(Data shown Opens)

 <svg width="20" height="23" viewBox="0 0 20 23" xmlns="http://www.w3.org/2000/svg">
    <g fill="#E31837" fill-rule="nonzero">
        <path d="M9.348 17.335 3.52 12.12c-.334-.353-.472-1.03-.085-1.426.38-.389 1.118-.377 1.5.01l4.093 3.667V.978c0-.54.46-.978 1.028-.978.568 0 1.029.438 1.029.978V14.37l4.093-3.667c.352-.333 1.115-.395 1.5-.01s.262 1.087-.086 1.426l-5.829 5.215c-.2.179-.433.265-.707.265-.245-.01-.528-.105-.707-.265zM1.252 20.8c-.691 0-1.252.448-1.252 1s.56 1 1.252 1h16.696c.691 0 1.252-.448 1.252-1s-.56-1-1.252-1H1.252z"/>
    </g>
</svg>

(Data shown Closes)

Go through the listing above and reproduce all of it exactly.

 <svg width="20" height="23" viewBox="0 0 20 23" xmlns="http://www.w3.org/2000/svg">
    <g fill="#E31837" fill-rule="nonzero">
        <path d="M9.348 17.335 3.52 12.12c-.334-.353-.472-1.03-.085-1.426.38-.389 1.118-.377 1.5.01l4.093 3.667V.978c0-.54.46-.978 1.028-.978.568 0 1.029.438 1.029.978V14.37l4.093-3.667c.352-.333 1.115-.395 1.5-.01s.262 1.087-.086 1.426l-5.829 5.215c-.2.179-.433.265-.707.265-.245-.01-.528-.105-.707-.265zM1.252 20.8c-.691 0-1.252.448-1.252 1s.56 1 1.252 1h16.696c.691 0 1.252-.448 1.252-1s-.56-1-1.252-1H1.252z"/>
    </g>
</svg>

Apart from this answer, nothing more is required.